Dombey and Son

Page 25

I have fallen behind the time, and am too old to catch it again. Even the noise it makes a long way ahead, confuses me.'

Walter was going to speak, but his Uncle held up his hand.

'Therefore, Wally - therefore it is that I am anxious you should be early in the busy world, and on the world's track. I am only the ghost of this business - its substance vanished long ago; and when I die, its ghost will be laid. As it is clearly no inheritance for you then, I have thought it best to use for your advantage, almost the only fragment of the old connexion that stands by me, through long habit. Some people suppose me to be wealthy. I wish for your sake they were right. But whatever I leave behind me, or whatever I can give you, you in such a House as Dombey's are in the road to use well and make the most of. Be diligent, try to like it, my dear boy, work for a steady independence, and be happy!'

'I'll do everything I can, Uncle, to deserve your affection. Indeed I will,' said the boy, earnestly

'I know it,' said Solomon. 'I am sure of it,' and he applied himself to a second glass of the old Madeira, with increased relish. 'As to the Sea,' he pursued, 'that's well enough in fiction, Wally, but it won't do in fact: it won't do at all. It's natural enough that you should think about it, associating it with all these familiar things; but it won't do, it won't do.'

Solomon Gills rubbed his hands with an air of stealthy enjoyment, as he talked of the sea, though; and looked on the seafaring objects about him with inexpressible complacency.

'Think of this wine for instance,' said old Sol, 'which has been to the East Indies and back, I'm not able to say how often, and has been once round the world. Think of the pitch-dark nights, the roaring winds, and rolling seas:'

'The thunder, lightning, rain, hail, storm of all kinds,' said the boy.

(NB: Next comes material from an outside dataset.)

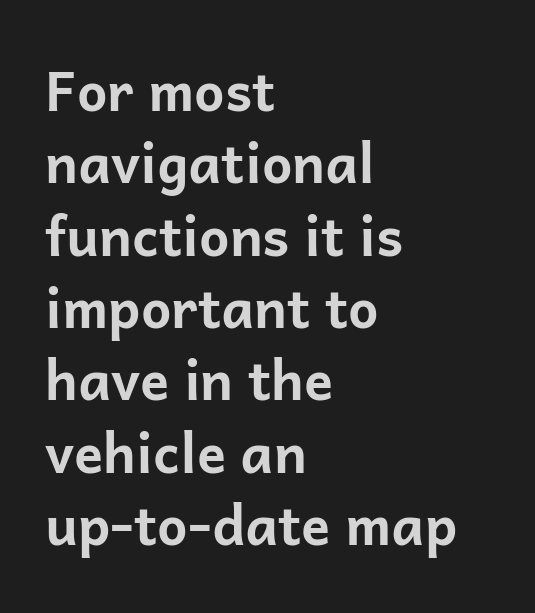
{"serif": "no", "italic": "no", "bold": "yes", "weight": "bold", "width": "normal", "stroke_contrast": "low", "x_height": "medium", "monospaced": "no", "underline": "no", "align": "left", "line_spacing": "normal", "line_spacing_ratio": 1.34, "letter_spacing": "normal", "letter_spacing_em": 0.0, "glyph_px": 54}

'To be sure,' said Solomon, - 'that this wine has passed through. Think what a straining and creaking of timbers and masts: what a whistling and howling of the gale through ropes and rigging:'

'What a clambering aloft of men, vying with each other who shall lie out first upon the yards to furl the icy sails, while the ship rolls and pitches, like mad!' cried his nephew.

'Exactly so,' said Solomon: 'has gone on, over the old cask that held this wine. Why, when the Charming Sally went down in the - '

'In the Baltic Sea, in the dead of night; five-and-twenty minutes past twelve when the captain's watch stopped in his pocket; he lying dead against the main-mast - on the fourteenth of February, seventeen forty-nine!' cried Walter, with great animation.

'Ay, to be sure!' cried old Sol, 'quite right! Then, there were five hundred casks of such wine aboard; and all hands (except the first mate, first lieutenant, two seamen, and a lady, in a leaky boat) going to work to stave the casks, got drunk and died drunk, singing "Rule Britannia", when she settled and went down, and ending with one awful scream in chorus.'

'But when the George the Second drove ashore, Uncle, on the coast of Cornwall, in a dismal gale, two hours before daybreak, on the fourth of March, 'seventy-one, she had near two hundred horses aboard; and the horses breaking loose down below, early in the gale, and tearing to and fro, and trampling each other to death, made such noises, and set up such human cries, that the crew believing the ship to be full of devils, some of the best men, losing heart and head, went overboard in despair, and only two were left alive, at last, to tell the tale.'

'And when,' said old Sol, 'when the Polyphemus - '

'Private West India Trader, burden three hundred and fifty tons, Captain, John Brown of Deptford. Owners, Wiggs and Co.,' cried Walter.

'The same,' said Sol; 'when she took fire, four days' sail with a fair wind out of Jamaica Harbour, in the night - '

'There were two brothers on board,' interposed his nephew, speaking very fast and loud, 'and there not being room for both of them in the only boat that wasn't swamped, neither of them would consent to go, until the elder took the younger by the waist, and flung him in.